Can someone provide an explanation (and perhaps a solution) for this please?
I use the following prompt:
“I’m in my house. On top of my chair in the living room is a coffee cup. Inside the coffee cup is a thimble. Inside the thimble is a single diamond. I move the chair to my bedroom. Then I put the coffee cup on the bed. Then I turn the cup upside down. Then I return it to rightside-up, and place the coffee cup on the kitchen counter. Where is my diamond?”
I ask GPT-4, without a custom instruction, and it responds correctly:
Technically the “wrong” answer is correct. It’s likely just not what we would want to hear.
This reminds me of the example with clothes:
If I dry one load of clothing after removing them from the washing machine they will be dry in 2 hours.
How will it take for two loads to dry?
The “correct” answer was supposed to be 2 hours but in fact it would take me longer than that because many years of my life I didn’t have place to dry 2 loads at the same time.
What I am trying to say is: with these types of questions the correct answer depends on context not provided.
In your specific case I suggest you share your custom instructions. Pretty sure we can learn from this example.
It seems that any custom instruction—even one as orthogonal as telling GPT-4 what one’s name is—will completely disrupt the reasoning capabilities of GPT-4.
I think it is more likely that the nested nature of the query is at the limit of the models inferencing abilities, adding the extra system prompt adds and additional level of comprehension to be used which leaves the user prompt lacking.
Remove one of the nesting layers in the query and retest.
I removed one of the nesting layers, changing the prompt to be……

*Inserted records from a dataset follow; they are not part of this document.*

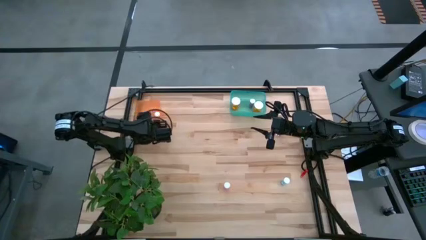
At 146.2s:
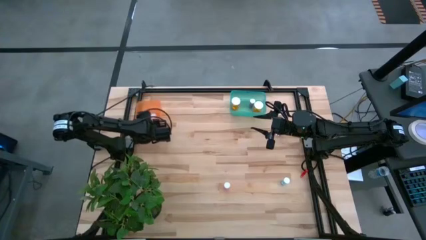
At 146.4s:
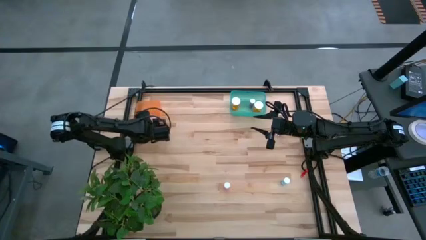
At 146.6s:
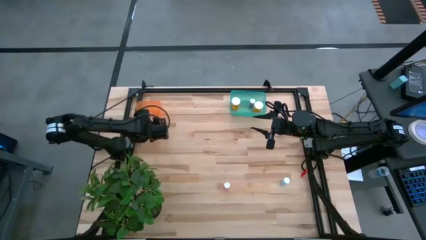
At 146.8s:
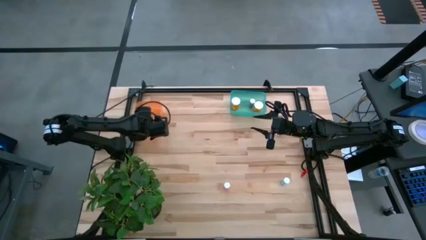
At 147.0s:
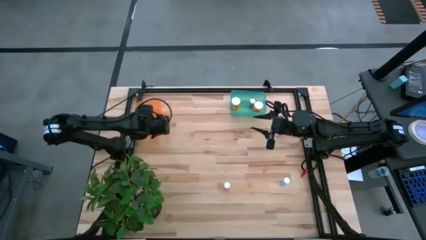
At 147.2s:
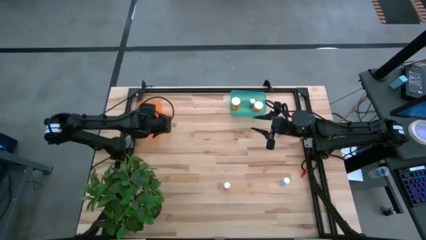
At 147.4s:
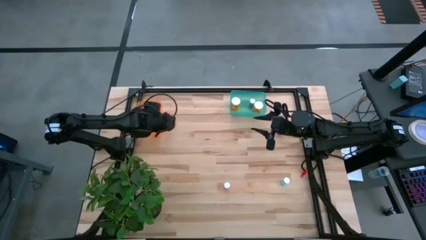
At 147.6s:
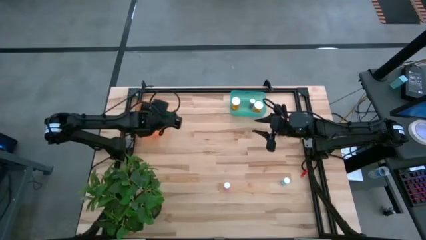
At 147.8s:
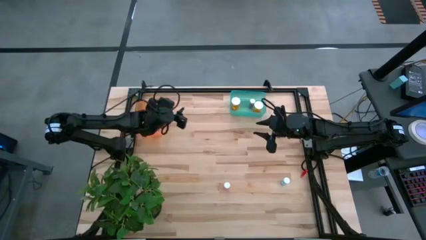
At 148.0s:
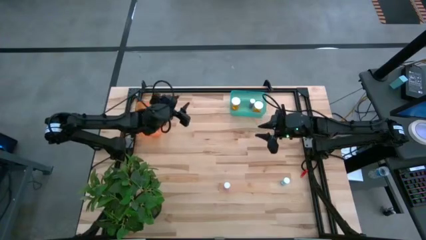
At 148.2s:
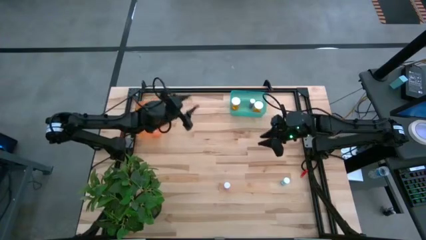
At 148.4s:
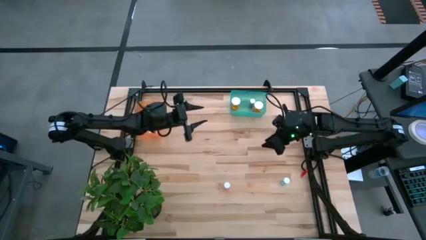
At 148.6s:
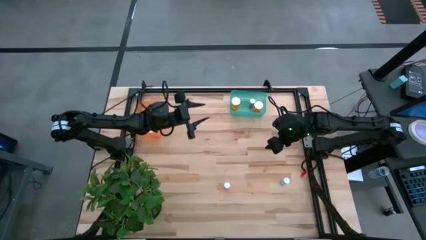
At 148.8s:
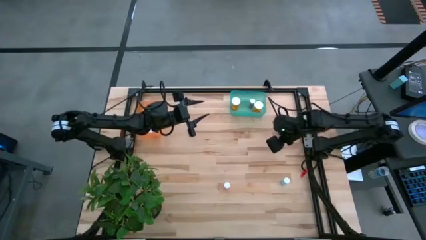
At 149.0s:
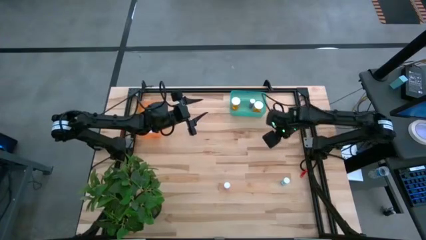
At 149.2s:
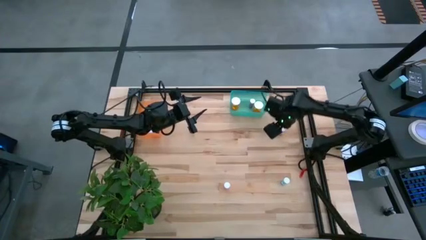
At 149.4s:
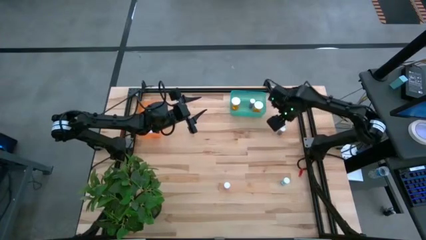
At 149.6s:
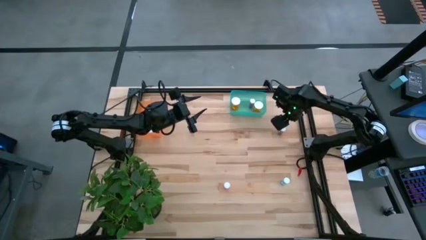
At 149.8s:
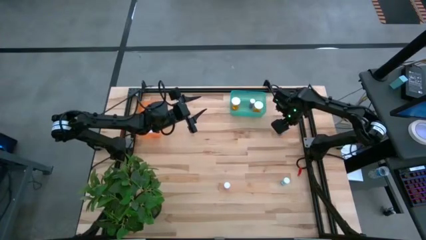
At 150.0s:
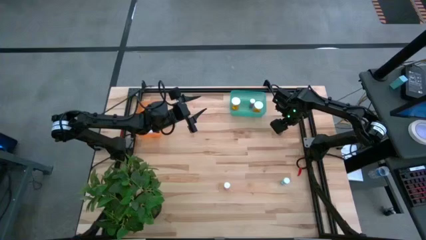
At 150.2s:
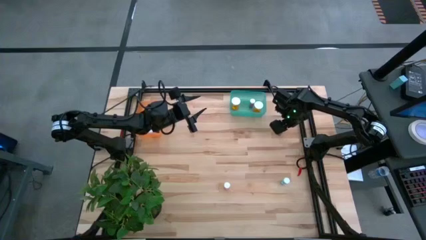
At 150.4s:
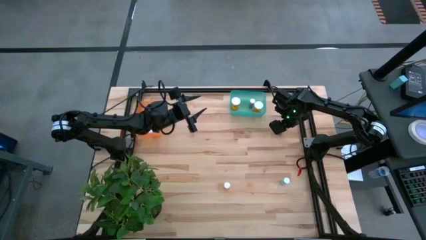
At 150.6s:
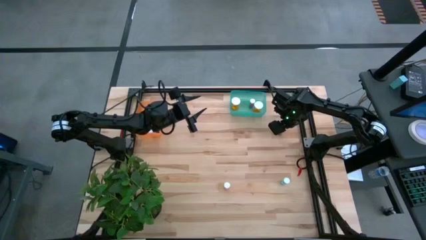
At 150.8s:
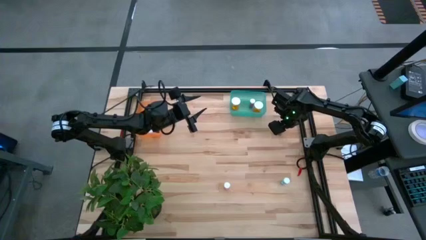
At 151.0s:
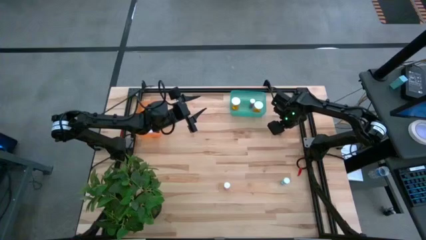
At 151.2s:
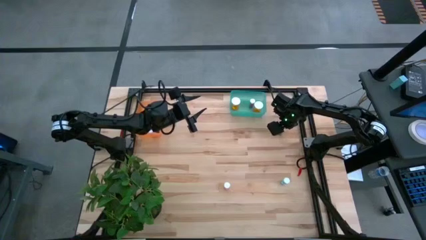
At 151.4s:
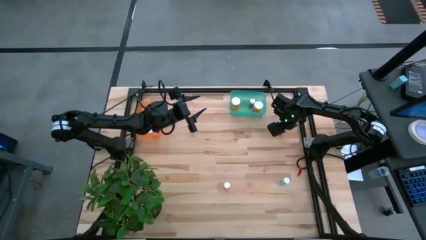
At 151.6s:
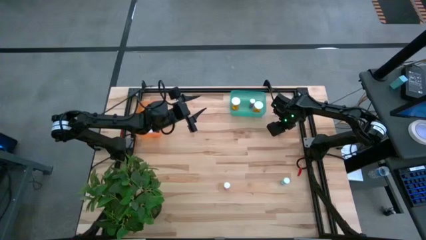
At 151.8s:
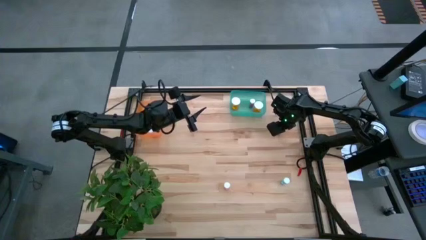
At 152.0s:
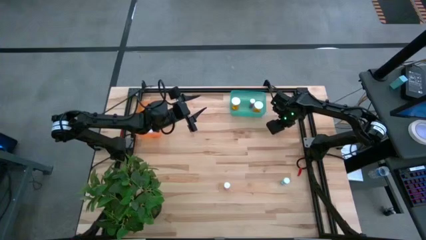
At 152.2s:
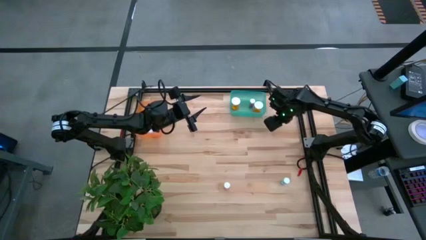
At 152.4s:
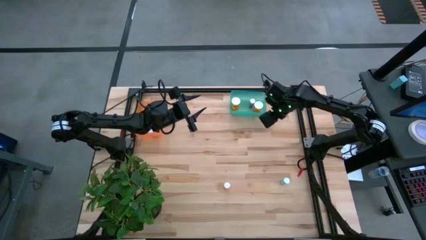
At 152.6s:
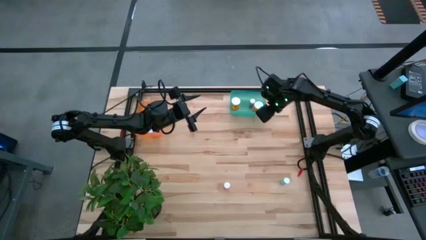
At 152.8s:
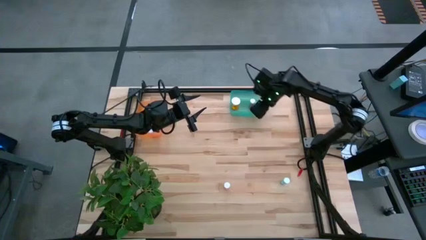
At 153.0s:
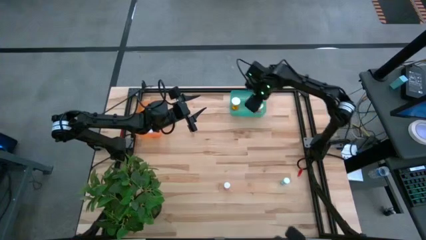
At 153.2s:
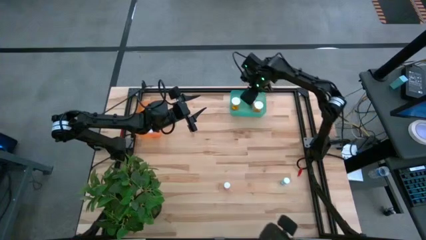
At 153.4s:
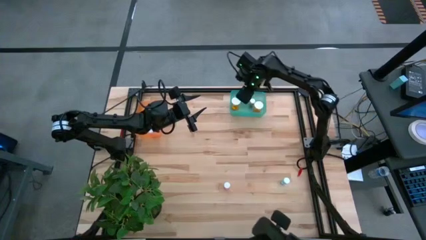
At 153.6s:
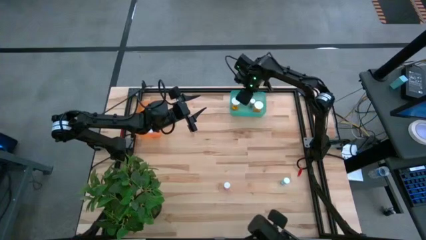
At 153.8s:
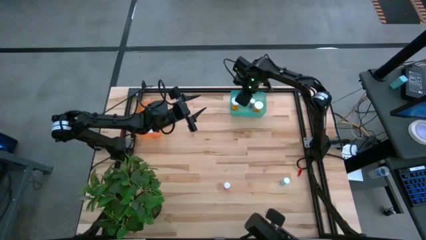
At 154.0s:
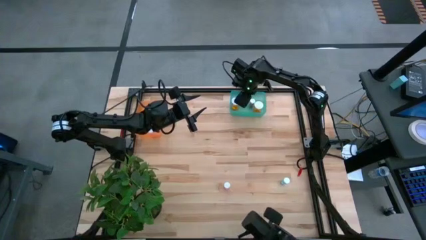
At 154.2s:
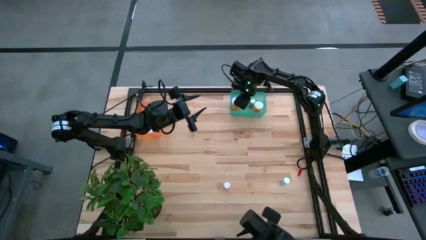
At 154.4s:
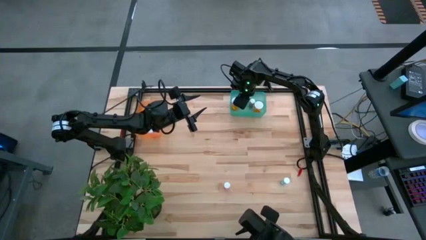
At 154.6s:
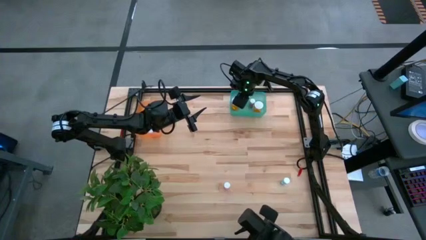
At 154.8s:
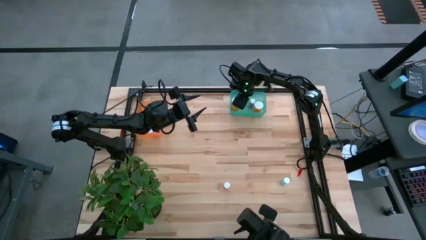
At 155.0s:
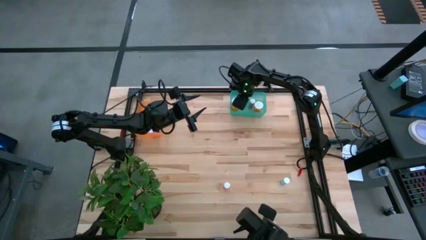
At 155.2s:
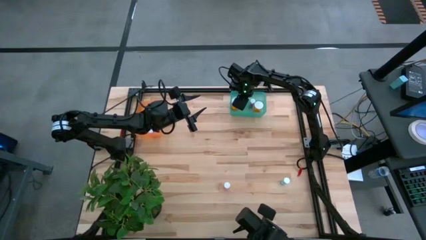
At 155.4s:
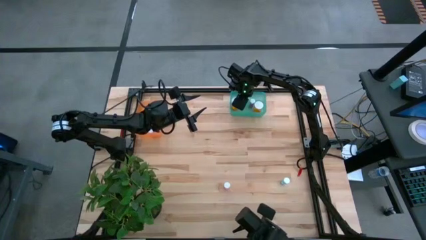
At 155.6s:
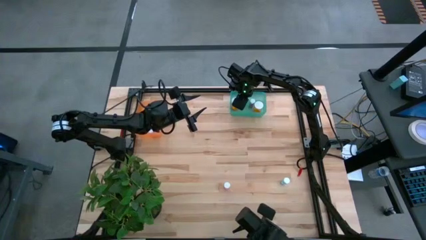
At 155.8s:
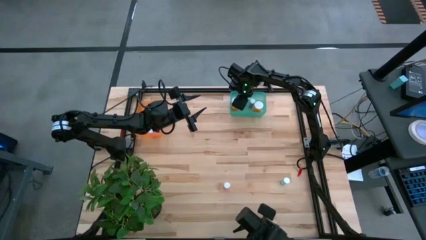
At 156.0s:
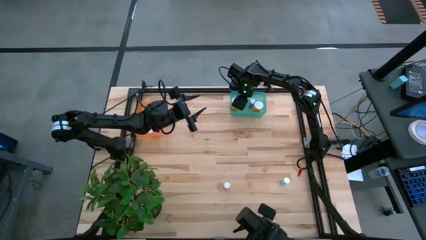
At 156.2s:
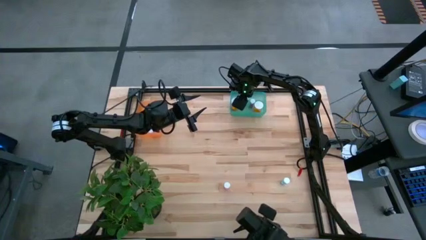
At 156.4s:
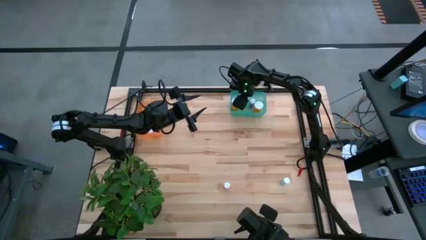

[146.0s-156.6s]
Task: Pick and place medicine bottles into bin by pill shape (circle, oval)
Put the blue capsule bottle into the green bin

I’m in my house. On top of my chair in the living room is a coffee cup. Inside the coffee cup is a single diamond. I move the chair to my bedroom. Then I put the coffee cup on the bed. Then I turn the cup upside down. Then I return it to rightside-up, and place the coffee cup on the kitchen counter. Where is my diamond?
……and now GPT-4 is again returning the correct, expected, response.
I’m relieved that there is an explanation and even a solution—but at the same time—the lack of any indication of bumping up against the inference ceiling would seem to me to undermine confidence that users may have in the model output? That is, from a user’s perspective, they are asking a question—of the most capable model—and getting an obviously incorrect response. Is there a way for the model to signal to the user that the model response may be unstable due to the inferential complexity of the aggregate inbound prompts?
One additional data-point, when moving the string that was in the custom instruction to the original user prompt, GPT-4 returns the correct/expected response:
So, in other words, given the same inference load, the reasoning disruption is only being observed when in conjunction with the custom instruction feature—not purely with a user prompt?